Consider the 1-day change case. Let $X_1, ..., X_n$ be the random variable recording the 1-day price change following Jim Cramer’s recommendations, and let $Y_1, ..., Y_m$ be the random variable recording the 1-day price change buying directly the SPY index fund. Here, I assume the random variables are independent of each other. Note that the independence assumption is for the 1-day change case or even the 1-week change case is valid but may not be true if we expand our horizon to 1 month or 1 year (since they present a lot of overlaps for variables $Y_i$). We need not to know the distribution of these random variables, since we can apply the law of large numbers and t-statistics regardless of whether they are normal or not.

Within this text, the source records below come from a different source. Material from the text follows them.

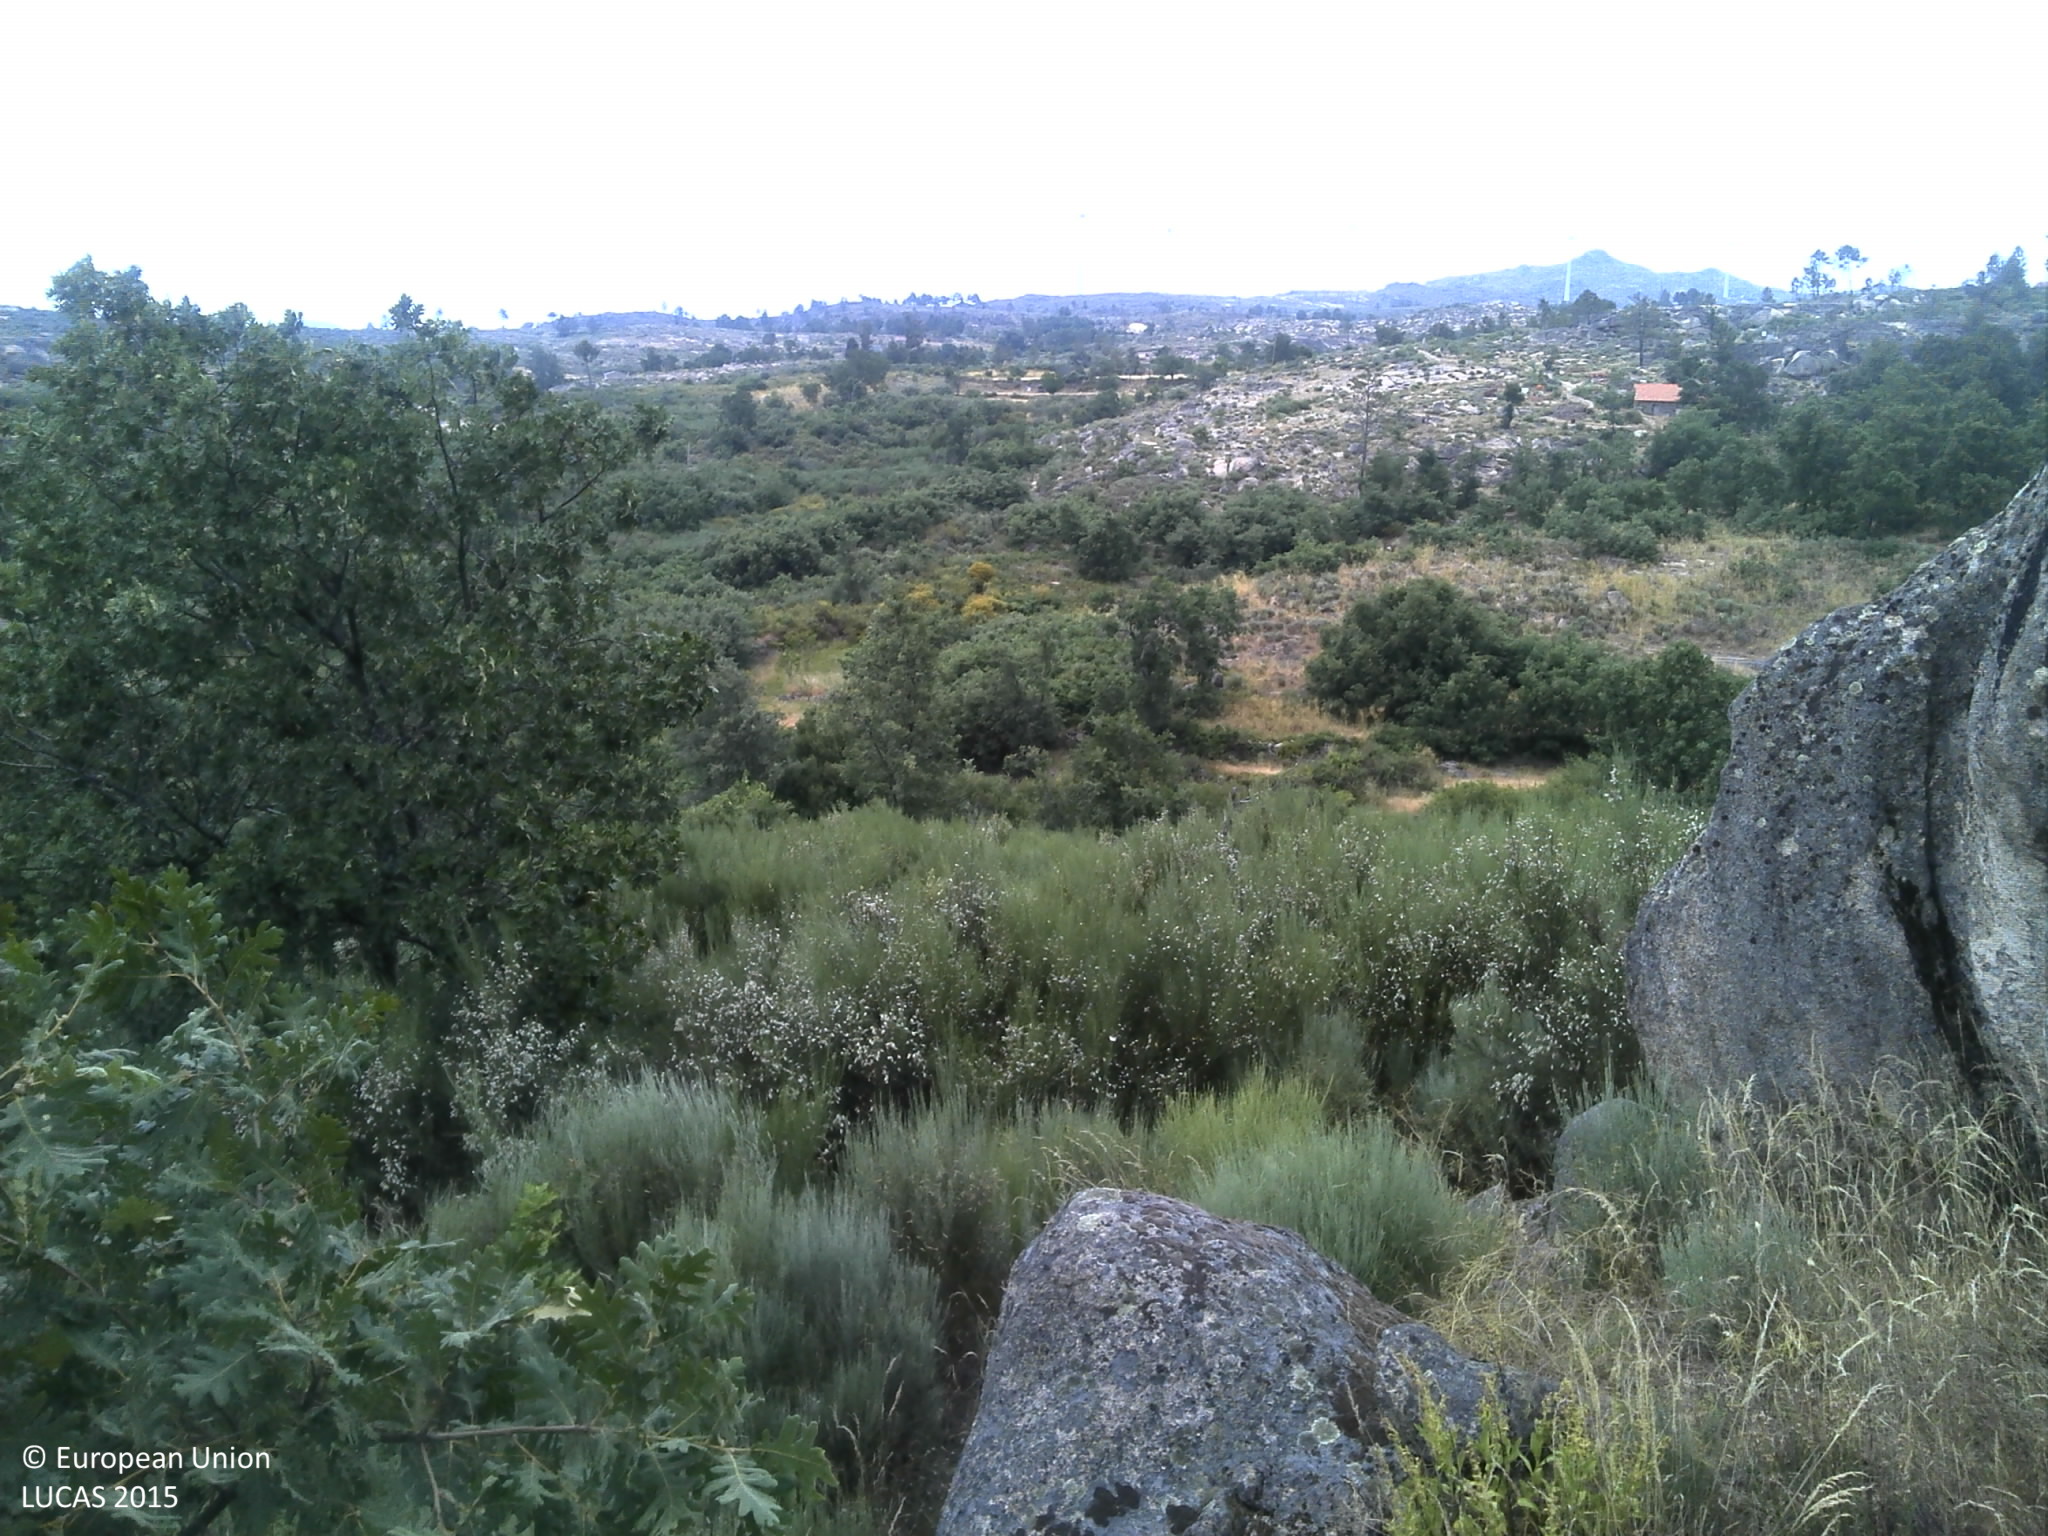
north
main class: Shrubland
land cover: Shrubland with sparse tree cover
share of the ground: 50 - 75 %
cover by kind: shrubs 60 %, herbaceous plants 15 %, consolidated bare surface 10 %, unconsolidated bare surface 10 %, broadleaved forest trees 5 %
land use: Abandoned areas
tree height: > 5 m
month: June
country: PT
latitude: 40.3216
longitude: -7.2005

Suppose the true mean return of $X_i's$ is $\mu$ and the true mean return of $Y_i's$ is $\theta$. Then my hypothesis is the following:

\[\left\{ \begin{array}{ll} H_0: \mu - \theta > 0 \\ H_1: \mu - \theta \leq 0 \end{array} \right.\]

With the help of my STAT 24510 Midterm, I can derive a rejection region:

\[\bar{X} - \bar{Y} < \frac{t_{n+m-2, 1-\alpha}}{\sqrt{\frac{nm}{n+m}}}\sqrt{\frac{1}{n+m-2}[\sum_{i=1}^n(X_i-\bar{X})^2+\sum_{j=1}^m(Y_j-\bar{Y})^2]}\]

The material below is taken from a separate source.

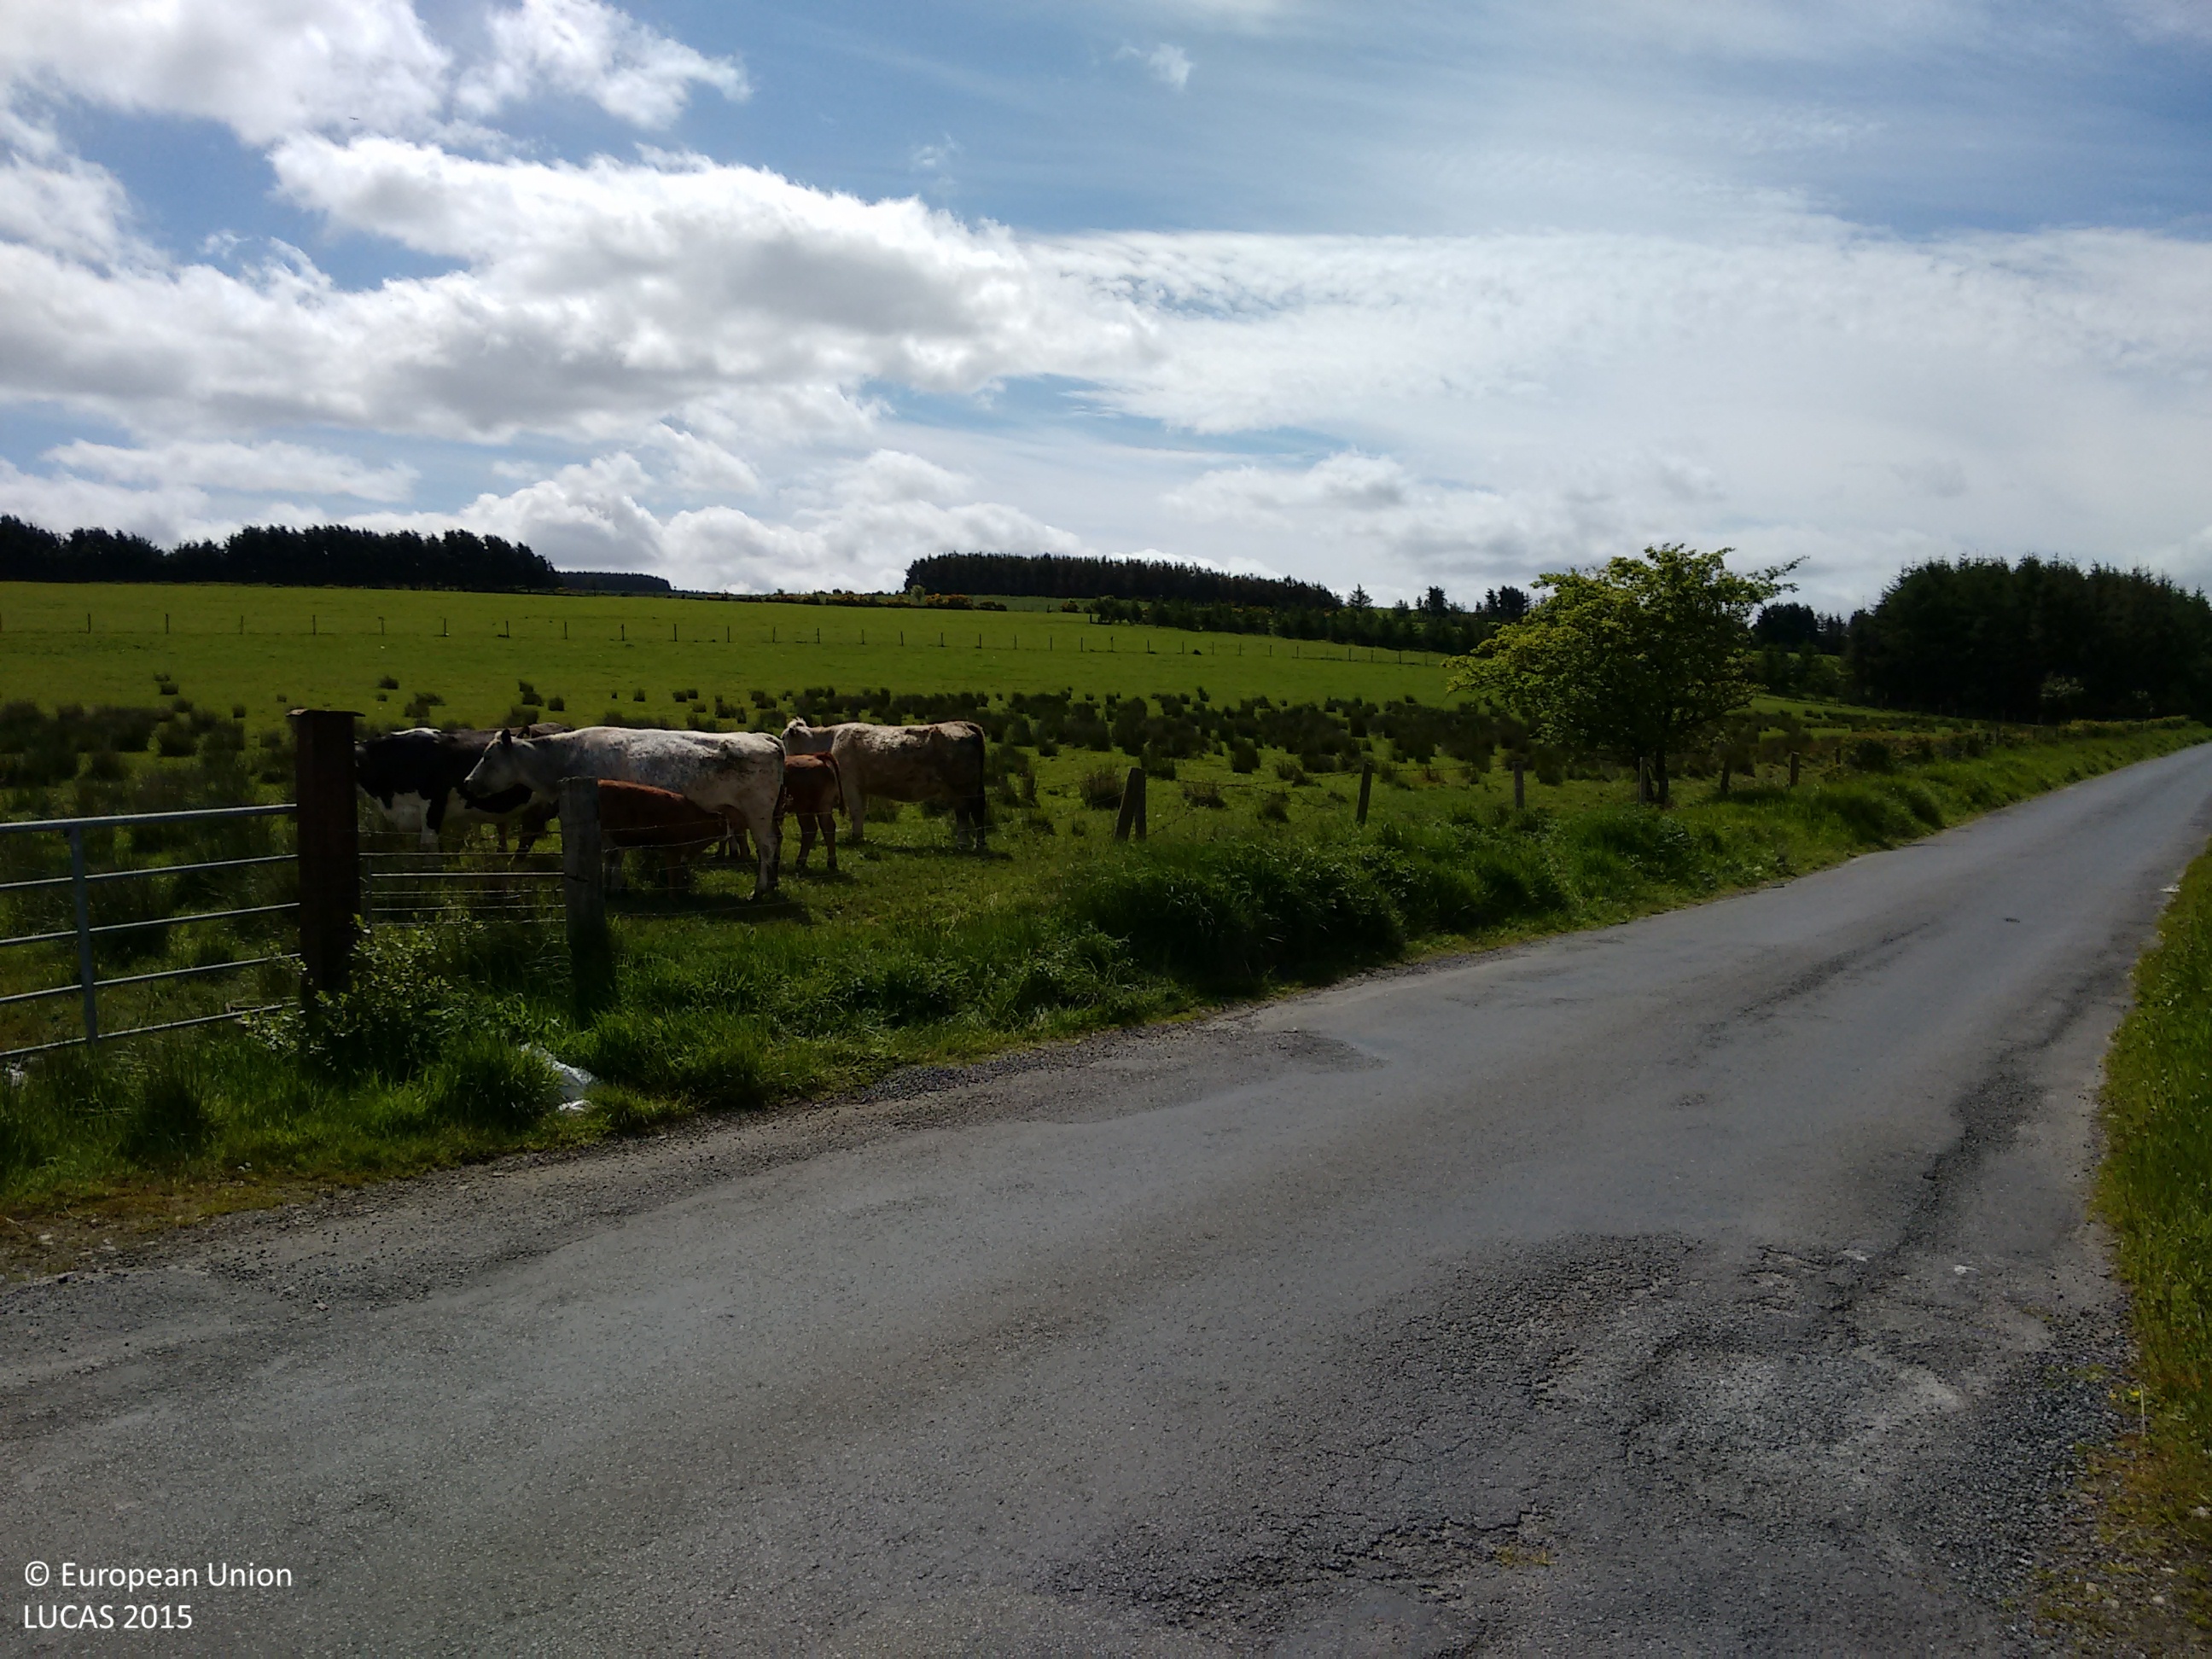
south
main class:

Reference to t-distribution.

ALPHA = 0.01

def t_test(df, alpha, horizon):
    x = (df["Call"]*df[f"1-{horizon} Change Recommendation"]).dropna()
    y = (df[f"1-{horizon} Change Benchmark"]).dropna()
    n, m = len(x), len(y)
    sum_of_square = ((x-x.mean())**2).sum() + ((y-y.mean())**2).sum()
    t_stat = stats.t.ppf(1-alpha, n+m-2) / np.sqrt(n*m/(n+m)) * np.sqrt(1/(n+m-2) * sum_of_square)
    if x.mean()-y.mean() < t_stat:
        print("REJECT Null Hypothesis")
    else:
        print("NO REJECTION")

t_test(df, ALPHA, "Day") #horizon: "Day" / "Week"

REJECT Null Hypothesis

From the above, we can already see that following Jim Cramer’s advices will not give you a statistically significant market-beating performance on both day and week horizons. The same test is difficult to conduct on months and year horizons because durations to calculate price changes overlap, leading to dependency between variables. Nevertheless, mean excess returns of less than 0 already indicate that it is not better than the market.

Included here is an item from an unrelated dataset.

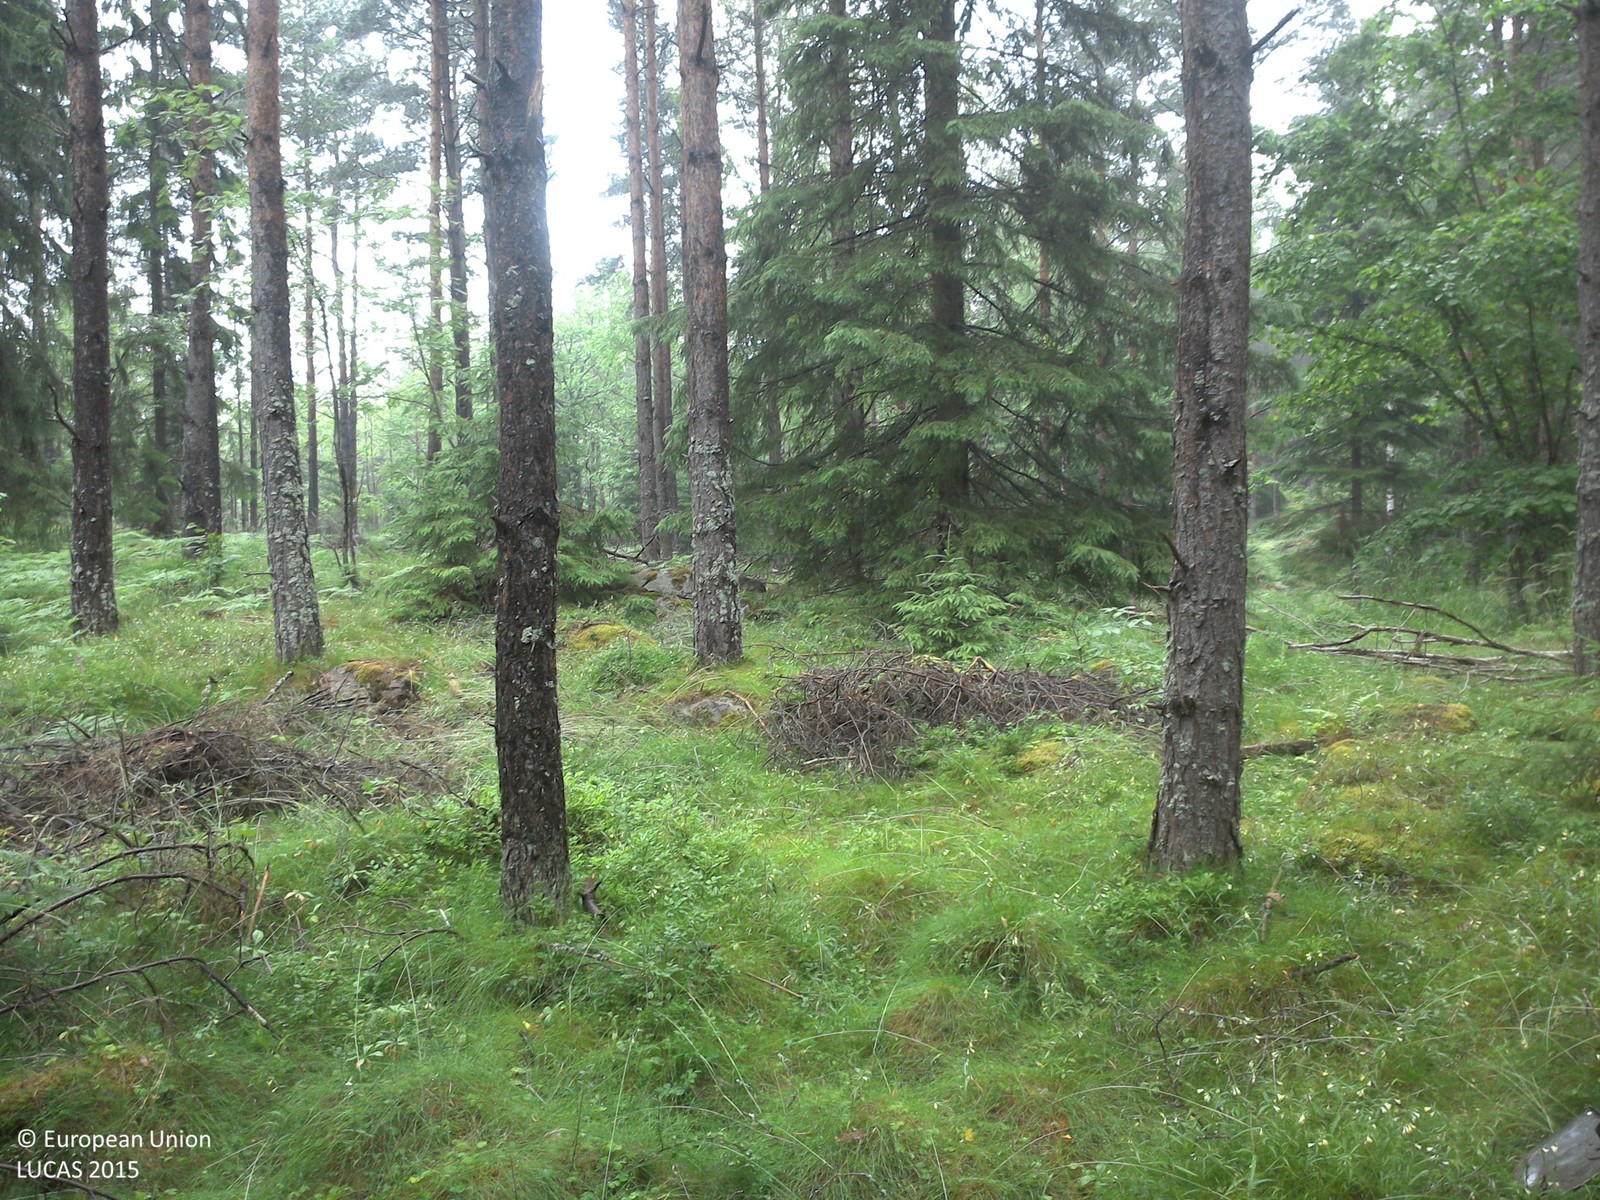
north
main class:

OK, so what about the infamous “Inverse Cramer” Strategy? Will it give us a statistically significant market-beating performace? Well, by multiplying the “Call” column with -1 and repeating the above, we have our result: a big fat no.

ALPHA = 0.05

df_inverse = df.copy(deep=True)
df_inverse["Call"] = df_inverse["Call"]*(-1)
t_test(df_inverse, ALPHA, "Week")

REJECT Null Hypothesis

Part 2: A Difference-in-Difference Experiment

Well, looks like I have one thing to attack Jim Cramer on: his recommendation do not beat the market. But this point is pretty weak: many money managers consistently fail to beat the market but they are still sitting on piles of clients’ money. Also, let’s be honest: nobody really watches his show for serious stock recommendation, we have Elon Musk’s Twitter for that. We watch it because Jim Cramer is a funny character. But I have another thing to attack him on: the Cramer’s Law. The law states that whenever Jim Cramer recommends a stock, it will quickly fail to its knee because of the recommendation. Well, although this law is more like a meme than a law, but a man can hope.

Here, I adopted a simple difference-in-differences (DiD) approach. The DiD method is a quasi-experimental approach that compares the changes in outcomes over time between the treatment group and the comparison group. One way to conduct a DiD experiment is via regression, which also has the advantages of adding control variables to rule out confounders if needed. The equation for regression is:

\[y = \beta_{0} + \beta_{1}x_{group} + \beta_{2}x_{post} + \beta_{3}(x_{group} \cdot x_{post}) + \epsilon\]

where $x_{group}$ and $x_{post}$ are indicator variables, equating to 1 if the data point is in the treatment group and if the data point is observed post-treatment respectively. Effect of Jim Cramer’s recommendation can thus be isolated and indicated only in $\beta_{3}$.

Reference to a DiD example.

TODO The actual experiment is yet to be done. One primary difficulty is identifying pairs of stock such that the parallel assumption can hold.